• **ABOUT THIS EXERCISE**:
The response should consist of every line below, unchanged.

━━ DATASET CONTENT

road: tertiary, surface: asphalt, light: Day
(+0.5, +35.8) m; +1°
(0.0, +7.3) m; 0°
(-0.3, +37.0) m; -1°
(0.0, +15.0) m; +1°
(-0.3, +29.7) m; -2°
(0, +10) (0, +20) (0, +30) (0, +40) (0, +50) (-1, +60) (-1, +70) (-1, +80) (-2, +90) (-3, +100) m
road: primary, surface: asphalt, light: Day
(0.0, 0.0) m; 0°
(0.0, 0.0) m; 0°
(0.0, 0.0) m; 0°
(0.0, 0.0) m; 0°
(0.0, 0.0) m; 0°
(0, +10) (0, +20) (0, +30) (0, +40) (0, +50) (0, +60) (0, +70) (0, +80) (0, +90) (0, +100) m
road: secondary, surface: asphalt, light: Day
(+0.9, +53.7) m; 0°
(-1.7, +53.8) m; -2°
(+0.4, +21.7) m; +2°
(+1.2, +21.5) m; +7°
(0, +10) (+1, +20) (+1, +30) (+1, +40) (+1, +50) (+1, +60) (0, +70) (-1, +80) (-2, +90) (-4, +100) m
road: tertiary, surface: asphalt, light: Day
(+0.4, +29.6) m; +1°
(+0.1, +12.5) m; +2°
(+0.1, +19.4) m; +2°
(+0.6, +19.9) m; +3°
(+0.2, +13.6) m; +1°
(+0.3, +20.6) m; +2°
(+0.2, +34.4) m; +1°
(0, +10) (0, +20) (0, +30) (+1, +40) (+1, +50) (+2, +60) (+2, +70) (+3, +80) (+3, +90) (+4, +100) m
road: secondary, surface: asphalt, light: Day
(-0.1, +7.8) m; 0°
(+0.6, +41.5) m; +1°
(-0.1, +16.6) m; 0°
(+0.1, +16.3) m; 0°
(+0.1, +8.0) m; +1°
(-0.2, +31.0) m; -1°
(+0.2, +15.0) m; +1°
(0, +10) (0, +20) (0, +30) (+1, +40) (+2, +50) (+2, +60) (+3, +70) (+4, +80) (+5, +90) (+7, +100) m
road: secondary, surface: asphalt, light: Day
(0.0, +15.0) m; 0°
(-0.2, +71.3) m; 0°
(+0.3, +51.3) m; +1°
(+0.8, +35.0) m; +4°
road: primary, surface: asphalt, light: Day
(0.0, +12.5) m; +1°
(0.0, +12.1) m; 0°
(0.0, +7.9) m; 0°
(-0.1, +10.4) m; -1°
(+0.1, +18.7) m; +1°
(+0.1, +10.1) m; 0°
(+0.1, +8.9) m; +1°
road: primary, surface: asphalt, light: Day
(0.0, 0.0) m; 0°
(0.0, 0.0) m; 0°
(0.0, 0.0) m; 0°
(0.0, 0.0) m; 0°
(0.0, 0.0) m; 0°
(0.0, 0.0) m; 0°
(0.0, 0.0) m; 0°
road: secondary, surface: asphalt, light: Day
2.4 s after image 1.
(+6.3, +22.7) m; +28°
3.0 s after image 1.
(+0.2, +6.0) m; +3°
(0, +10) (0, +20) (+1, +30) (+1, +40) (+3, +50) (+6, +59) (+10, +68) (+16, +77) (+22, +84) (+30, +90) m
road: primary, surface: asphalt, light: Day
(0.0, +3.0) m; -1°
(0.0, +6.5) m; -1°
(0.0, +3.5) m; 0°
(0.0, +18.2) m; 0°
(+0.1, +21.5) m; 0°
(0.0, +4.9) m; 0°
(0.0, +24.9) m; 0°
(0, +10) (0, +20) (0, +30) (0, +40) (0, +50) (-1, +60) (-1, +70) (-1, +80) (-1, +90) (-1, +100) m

━━━━

• **TASK RESPONSE**:
road: tertiary, surface: asphalt, light: Day
(+0.5, +35.8) m; +1°
(0.0, +7.3) m; 0°
(-0.3, +37.0) m; -1°
(0.0, +15.0) m; +1°
(-0.3, +29.7) m; -2°
(0, +10) (0, +20) (0, +30) (0, +40) (0, +50) (-1, +60) (-1, +70) (-1, +80) (-2, +90) (-3, +100) m
road: primary, surface: asphalt, light: Day
(0.0, 0.0) m; 0°
(0.0, 0.0) m; 0°
(0.0, 0.0) m; 0°
(0.0, 0.0) m; 0°
(0.0, 0.0) m; 0°
(0, +10) (0, +20) (0, +30) (0, +40) (0, +50) (0, +60) (0, +70) (0, +80) (0, +90) (0, +100) m
road: secondary, surface: asphalt, light: Day
(+0.9, +53.7) m; 0°
(-1.7, +53.8) m; -2°
(+0.4, +21.7) m; +2°
(+1.2, +21.5) m; +7°
(0, +10) (+1, +20) (+1, +30) (+1, +40) (+1, +50) (+1, +60) (0, +70) (-1, +80) (-2, +90) (-4, +100) m
road: tertiary, surface: asphalt, light: Day
(+0.4, +29.6) m; +1°
(+0.1, +12.5) m; +2°
(+0.1, +19.4) m; +2°
(+0.6, +19.9) m; +3°
(+0.2, +13.6) m; +1°
(+0.3, +20.6) m; +2°
(+0.2, +34.4) m; +1°
(0, +10) (0, +20) (0, +30) (+1, +40) (+1, +50) (+2, +60) (+2, +70) (+3, +80) (+3, +90) (+4, +100) m
road: secondary, surface: asphalt, light: Day
(-0.1, +7.8) m; 0°
(+0.6, +41.5) m; +1°
(-0.1, +16.6) m; 0°
(+0.1, +16.3) m; 0°
(+0.1, +8.0) m; +1°
(-0.2, +31.0) m; -1°
(+0.2, +15.0) m; +1°
(0, +10) (0, +20) (0, +30) (+1, +40) (+2, +50) (+2, +60) (+3, +70) (+4, +80) (+5, +90) (+7, +100) m
road: secondary, surface: asphalt, light: Day
(0.0, +15.0) m; 0°
(-0.2, +71.3) m; 0°
(+0.3, +51.3) m; +1°
(+0.8, +35.0) m; +4°
road: primary, surface: asphalt, light: Day
(0.0, +12.5) m; +1°
(0.0, +12.1) m; 0°
(0.0, +7.9) m; 0°
(-0.1, +10.4) m; -1°
(+0.1, +18.7) m; +1°
(+0.1, +10.1) m; 0°
(+0.1, +8.9) m; +1°
road: primary, surface: asphalt, light: Day
(0.0, 0.0) m; 0°
(0.0, 0.0) m; 0°
(0.0, 0.0) m; 0°
(0.0, 0.0) m; 0°
(0.0, 0.0) m; 0°
(0.0, 0.0) m; 0°
(0.0, 0.0) m; 0°
road: secondary, surface: asphalt, light: Day
2.4 s after image 1.
(+6.3, +22.7) m; +28°
3.0 s after image 1.
(+0.2, +6.0) m; +3°
(0, +10) (0, +20) (+1, +30) (+1, +40) (+3, +50) (+6, +59) (+10, +68) (+16, +77) (+22, +84) (+30, +90) m
road: primary, surface: asphalt, light: Day
(0.0, +3.0) m; -1°
(0.0, +6.5) m; -1°
(0.0, +3.5) m; 0°
(0.0, +18.2) m; 0°
(+0.1, +21.5) m; 0°
(0.0, +4.9) m; 0°
(0.0, +24.9) m; 0°
(0, +10) (0, +20) (0, +30) (0, +40) (0, +50) (-1, +60) (-1, +70) (-1, +80) (-1, +90) (-1, +100) m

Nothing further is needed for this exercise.